The adult can try to feel

The adult can try to feel
Tuesday December 27, 2005

Dear Dr. Miller,

Thank you for your wise and prompt reply. You are correct of course about the need to remember painful early abuse in order to overcome and eliminate depression. As one does that hard work, one feels anger and grief, but then afterwords quickly feels more vital and alive, less self-blaming. I have seen this healing pattern in myself and my patients countless times over the years, and your hard-won insights are consistently confirmed for me here in the States.

And you are also correct that ‘Hope Springs Eternal’ only when one loses sight of a most painful truth; that there was NO hope for the abused child deprived of an enlightened witness. When one finds oneself hopeful about one’s older, living, now somewhat less-offending parents, one has indeed forgotten something important: that there is and was NO hope for another childhood, no second chance, that the worst already occured, and that what hope there is lies only within the adult who remembers that painful truth, not with the parents who offended.
That is why I work with abused children and their parents every day, and why that work is such is a good fit for me. The work allows me to remember the truth, to ‘never forget’ as the Jews said after the Holocaust. Because as you well know, to forget, to deny, to pretend, is to become subject to misplaced hope in a limited other, a hope that is bound to be disappointed. Indeed, it could be said (and I think you did!) that when one finds oneself hopeful about the offending parent, that the depression has already reappeared.

And I agree further with your profound observation that those painful truths are so often stored in the body. For me, it’s lower back pain, pain that reminds me of many brutal early spankings and beatings. I also find discomfort in my mouth when I am hopeful about my parents, a feeling which prods me to remember my childhood, a time when my mouth was cruelly washed out with soap for doing nothing but being rightfully angry at my mother after she had hurt me.

As I remember these horrors, I become myself again, angry, sad and hurt, yet once again sure of myself and my perceptions of the world.

Finally, you might also find it of interest (and confirming of your important insights into the psychology of those in the helping professions) to know that coinciding with my feelings of depression when they arise are feelings that I should return for more psychoanalytic training!
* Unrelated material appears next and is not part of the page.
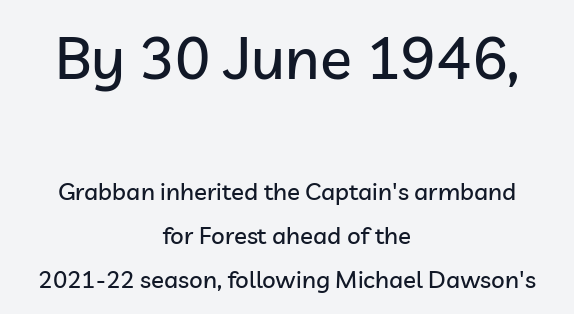
{"serif": "no", "italic": "no", "width": "normal", "stroke_contrast": "low", "x_height": "medium", "monospaced": "no", "underline": "no", "align": "center", "line_spacing_ratio": 1.84, "letter_spacing": "normal", "letter_spacing_em": 0.0, "larger_block": "first", "size_ratio": 2.46, "glyph_px": 59}

Talk about hope springing eternal! Yet each time I am able to remember and work through the fact of the early abuse, the need to get more analytic training or therapy disappears. I am once again able to feel content that it is I who know the truth of my life, not those in the Institute down the road.
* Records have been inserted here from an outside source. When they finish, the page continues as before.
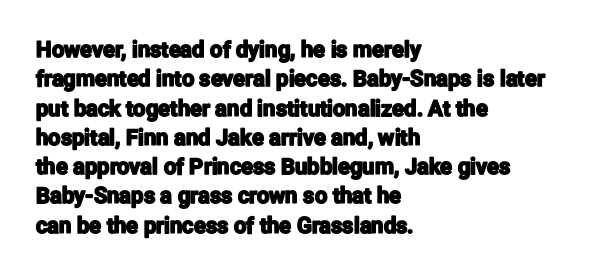
Q: Is the text italic (slanted)? A: No, it is upright.
Q: Is the text underlined? A: No.
Q: How is the paragraph aligned? A: Left-aligned.
Q: Is the spacing between letters normal or unusually wide? A: Normal.
Q: Is the spacing between lines tight, normal or loose? A: Normal.
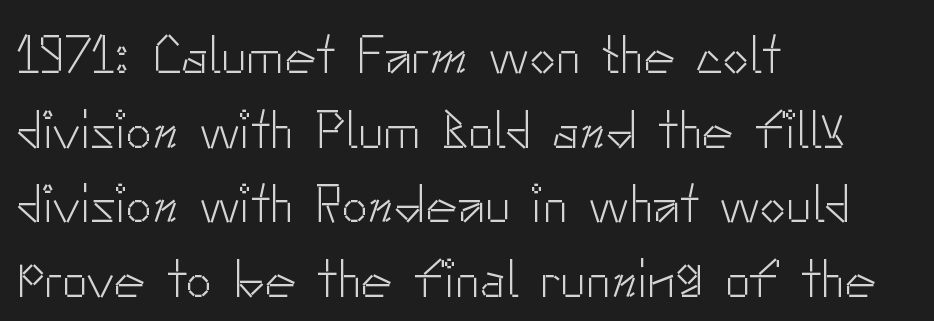
This rendering leaves character spacing at its baseline value. The strokes carry an ordinary text weight at most. Varying glyph widths throughout — classic text-font behaviour. The lines sit at an ordinary, default distance from one another.

Best wishes for the New Year to you and all those who have found this wonderful and most important
website,

D. L., Ph.D.
St. Louis

AM: Thank you for your response, you are absolutely right, it is your body that knows everything you need to know, analytical interpretations would only help you to build up new illusions. Everything you write makes sense to me. If the child was not allowed to see and say the truth it is not surprising that the adult prefers to be depressed than to feel the rage. The rage could bring the child into mortal danger. But the adult can try to feel, not everything all together but step by step. And you have the courage to try. Good luck!